To compute with these coordinates, copy the following R script to your computer and follow it carefully. Make sure you understand each line of code. Ask on the list if anything is not clear.
#bio3d example
# Boris Steipe, October 2013
setwd("~/Documents/07.TEACHING/36-BCH441\ Bioinformatics\ 2013/")
# In this example of protein structure interpretation, we ...
# - load the library "bio3D" which supports work with
# protein structure files,
# - explore some elementary functions of the library
# - assemble a script to compare H-bond lengths between
# alpha-helical and beta-sheet structures.
# bio3d is not available via CRAN, but needs to be installed
# from source. Instructions are here:
# http://thegrantlab.org/bio3d/download/download.html
library(bio3d)
lbio3d() # ... lists the newly installed functions.
# they all have help files associated.
# More information is available on the so-called
# "vignette", distributed with most R packages:
# http://thegrantlab.org/bio3d/bio3d_vignette.pdf
apses <- read.pdb("1bm8") # load a molecule directly from PDB
# ======== RAMACHANDRAN PLOT ==============================
# Calculate a Ramachandran plot for the structure
tor <- torsion.pdb(apses)
plot(tor$phi, tor$psi)
# As you can see, there are a number of points in the upper-right
# quadrant of the plot.
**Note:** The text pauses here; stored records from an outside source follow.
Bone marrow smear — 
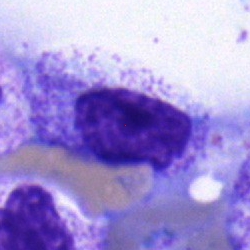
Showing a myelocyte.
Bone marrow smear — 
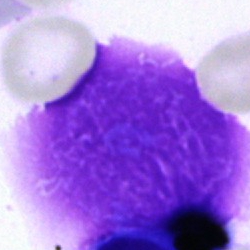Classification = artefact.
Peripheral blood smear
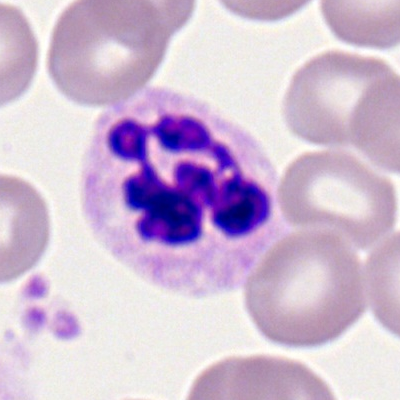

Specimen: peripheral blood smear.
Cell: neutrophil (segmented).
Lineage: myeloid.
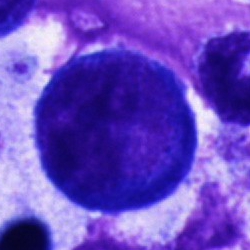Pronormoblast.
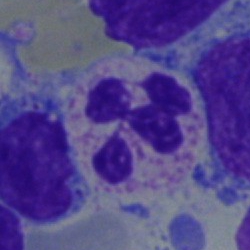
Cell type — segmented neutrophil.
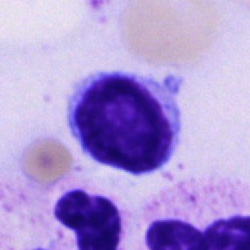

Showing a typical lymphocyte.
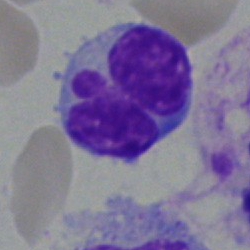

Showing a lymphocyte.
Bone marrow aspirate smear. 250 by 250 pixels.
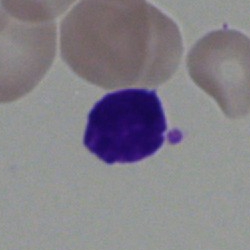

Morphology → typical lymphocyte.
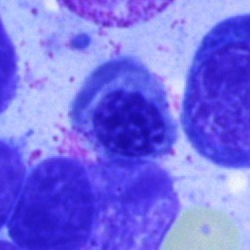An erythroblast on a bone marrow smear.
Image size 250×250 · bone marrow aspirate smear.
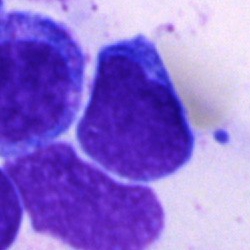Q: What type of cell is this?
A: A blast cell.
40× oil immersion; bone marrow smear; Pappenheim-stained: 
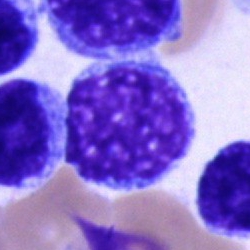

Specimen: bone marrow aspirate smear.
Cell type: promyelocyte.
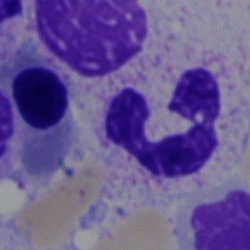
Specimen: bone marrow smear.
Classification: segmented neutrophil.
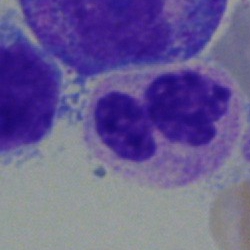 Impression → neutrophil (segmented).
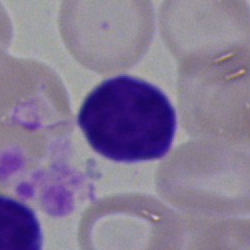
Q: What is shown here?
A: A lymphocyte.
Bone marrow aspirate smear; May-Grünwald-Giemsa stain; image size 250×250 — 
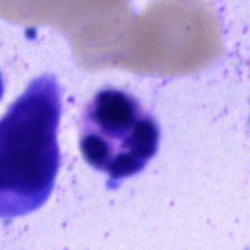

A neutrophil (segmented).
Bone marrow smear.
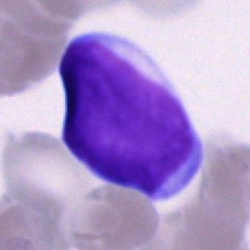A blast.
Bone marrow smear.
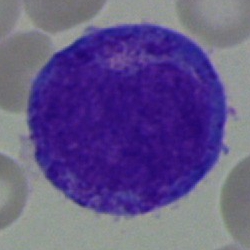

Showing a progranulocyte.
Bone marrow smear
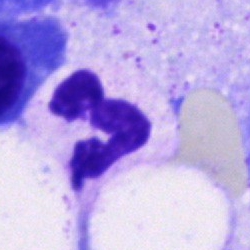Impression → neutrophil (segmented).
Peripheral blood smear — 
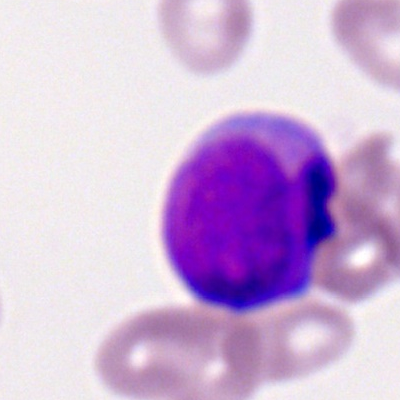

This is a myeloid blast.
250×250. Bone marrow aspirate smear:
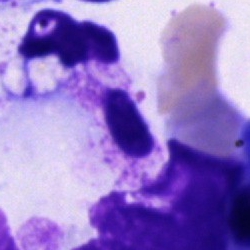 A cell of indeterminate lineage.
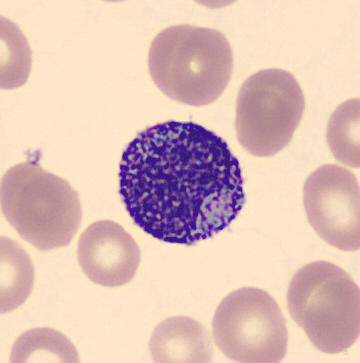

The cell type is myelocyte.
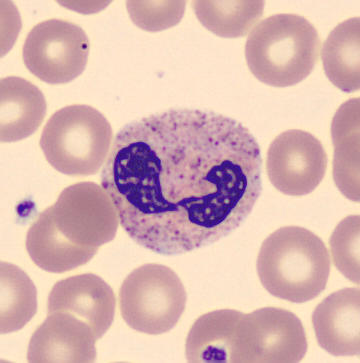Single cell identified as a neutrophil (segmented).
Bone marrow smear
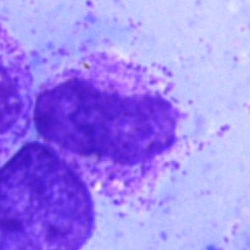

Morphology — band-form neutrophil.
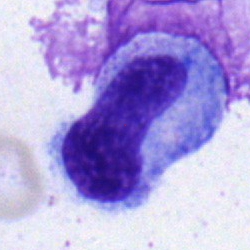
Q: What type of cell is this?
A: This is a metamyelocyte.
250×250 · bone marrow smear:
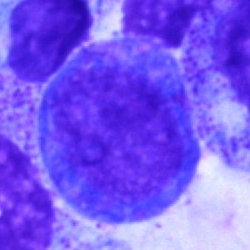

The cell shown is a progranulocyte.
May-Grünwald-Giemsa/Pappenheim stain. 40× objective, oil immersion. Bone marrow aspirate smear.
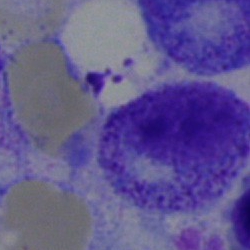 Showing a myelocyte.
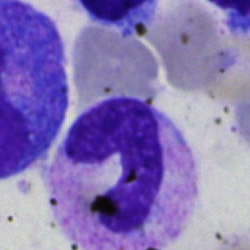
Bone marrow aspirate smear, single cell — stab cell.
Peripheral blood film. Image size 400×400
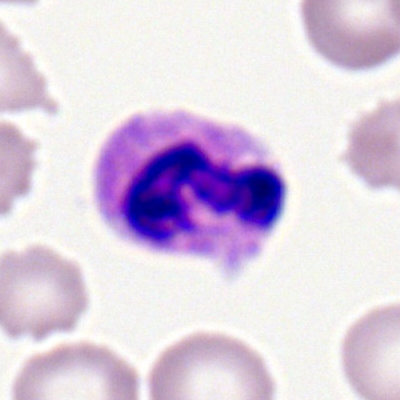 Q: What type of cell is this?
A: A segmented neutrophil.
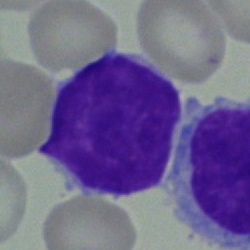

The morphological class is lymphocyte.
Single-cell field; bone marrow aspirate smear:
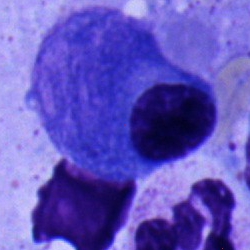
Morphological class = plasmacyte.
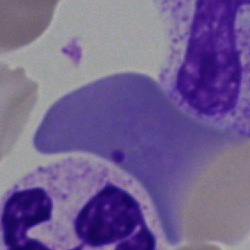 Morphology consistent with an artefact.
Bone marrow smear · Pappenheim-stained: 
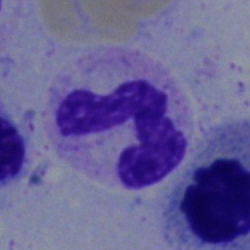 Classification: segmented neutrophil.
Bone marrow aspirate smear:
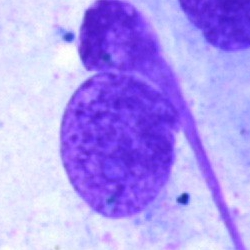 Classification = artefact.
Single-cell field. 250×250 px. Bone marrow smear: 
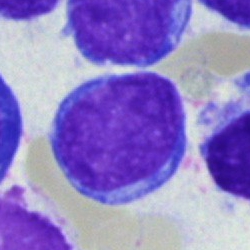
Morphology consistent with an undifferentiated blast.
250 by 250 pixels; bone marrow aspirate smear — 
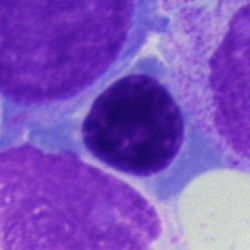 A nucleated red cell.
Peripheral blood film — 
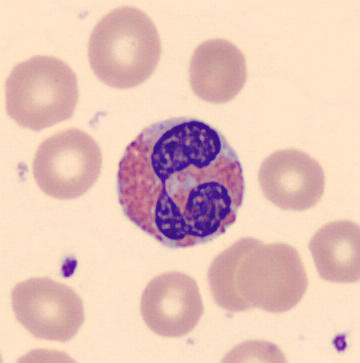

Q: Identify the cell.
A: Eosinophilic granulocyte.
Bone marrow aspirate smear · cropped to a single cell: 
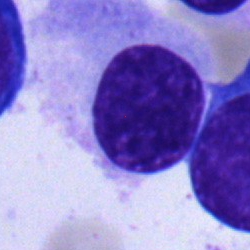
This is a plasma cell.
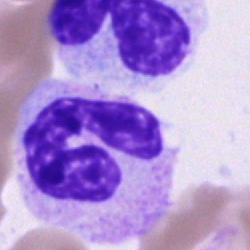
Specimen: bone marrow aspirate smear.
Cell type: segmented neutrophil.
Lineage: myeloid.
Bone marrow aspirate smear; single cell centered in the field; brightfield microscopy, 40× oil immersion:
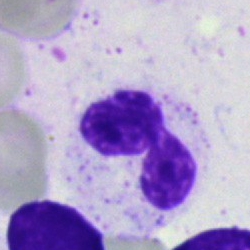The cell shown is a polymorphonuclear neutrophil.
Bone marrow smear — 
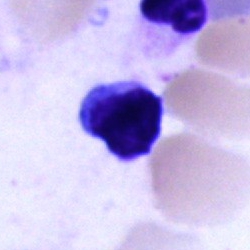 Showing a plasma cell.
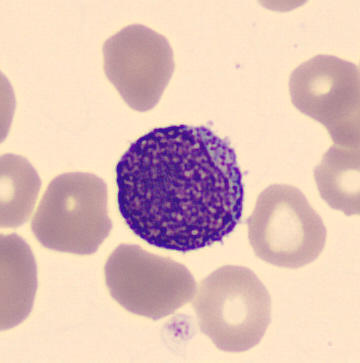 Promyelocyte. Acquisition: Peripheral blood smear.
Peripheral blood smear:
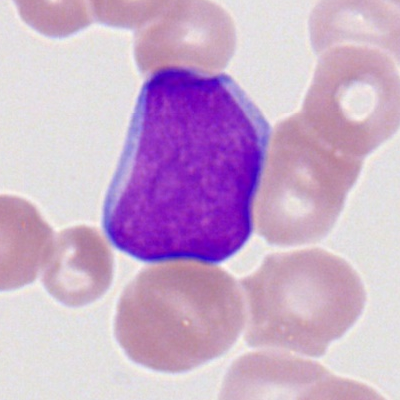 Impression — myeloblast.
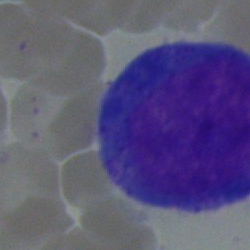 Cell = promyelocyte.
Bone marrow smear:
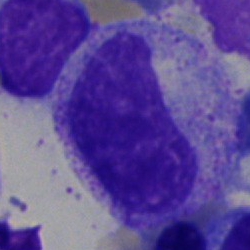

Metamyelocyte.
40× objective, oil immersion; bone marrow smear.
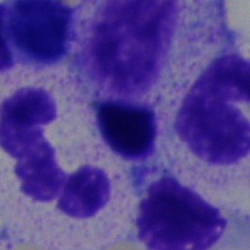
Single cell identified as a polymorphonuclear neutrophil.
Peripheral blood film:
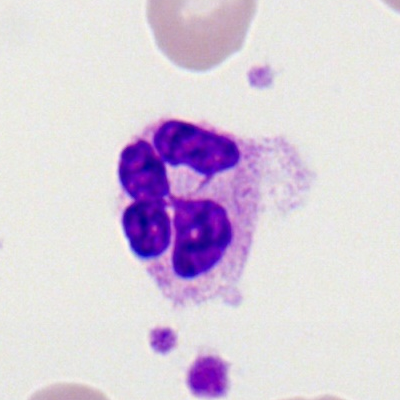 Morphological class — neutrophil (segmented).
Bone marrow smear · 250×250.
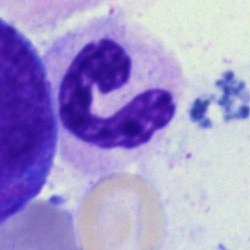
This is a segmented neutrophil.
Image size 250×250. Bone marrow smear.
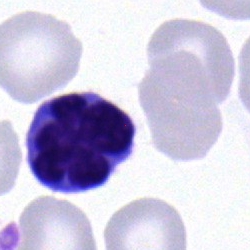A typical lymphocyte.
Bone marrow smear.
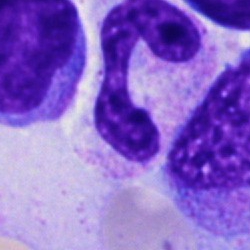Morphology → segmented neutrophil.
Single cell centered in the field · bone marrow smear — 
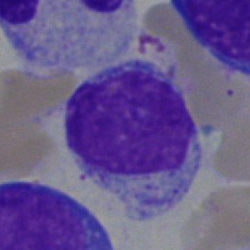

Typical lymphocyte.
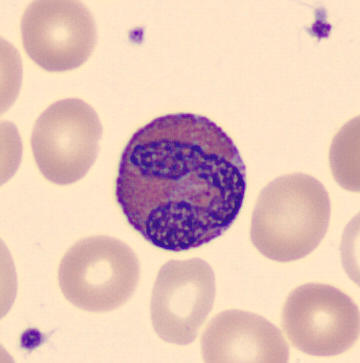Preparation: Peripheral blood film.

Morphology — eosinophilic granulocyte.

This combination of phi-psi angles defines
# the conformation of a left-handed alpha helix and is generally
# only observed for glycine residues. Let's replot the data, but
# color the points for glycine residues differently. First, we
# get a vector of glycine residue indices in the structure:
seq <- seq.pdb(apses)
# Explore the result object and extract the indices of GLY resiues.
seq == "G"
which(seq == "G")
as.numeric(which(seq == "G"))
Glys <- as.numeric(which(seq == "G"))
# Now plot all non-gly residues.
# Remember: negative indices exclude items from a vector
plot(tor$phi[-Glys], tor$psi[-Glys], xlim=c(-180,180), ylim=c(-180,180))
# Now plot GLY only, but with red dots:
points(tor$phi[Glys], tor$psi[Glys], pch=21, cex=0.9, bg="#BB0000")
# As you see, four residues in the upper-right quadrant are
# not glycine. But what residues are these? Is there an
# error in our script?
# You could try as an additional exercise to add the residue
# types or indices of the non-GLY outliers to the plot.
# Use the function text(). Then you could verify the
# backbone torsion angles in VMD.
# Are there any cis-peptide bonds in the structure?
tor$omega
#... gives us a quick answer. But wait - what values do we
# expect? And why are the values so different?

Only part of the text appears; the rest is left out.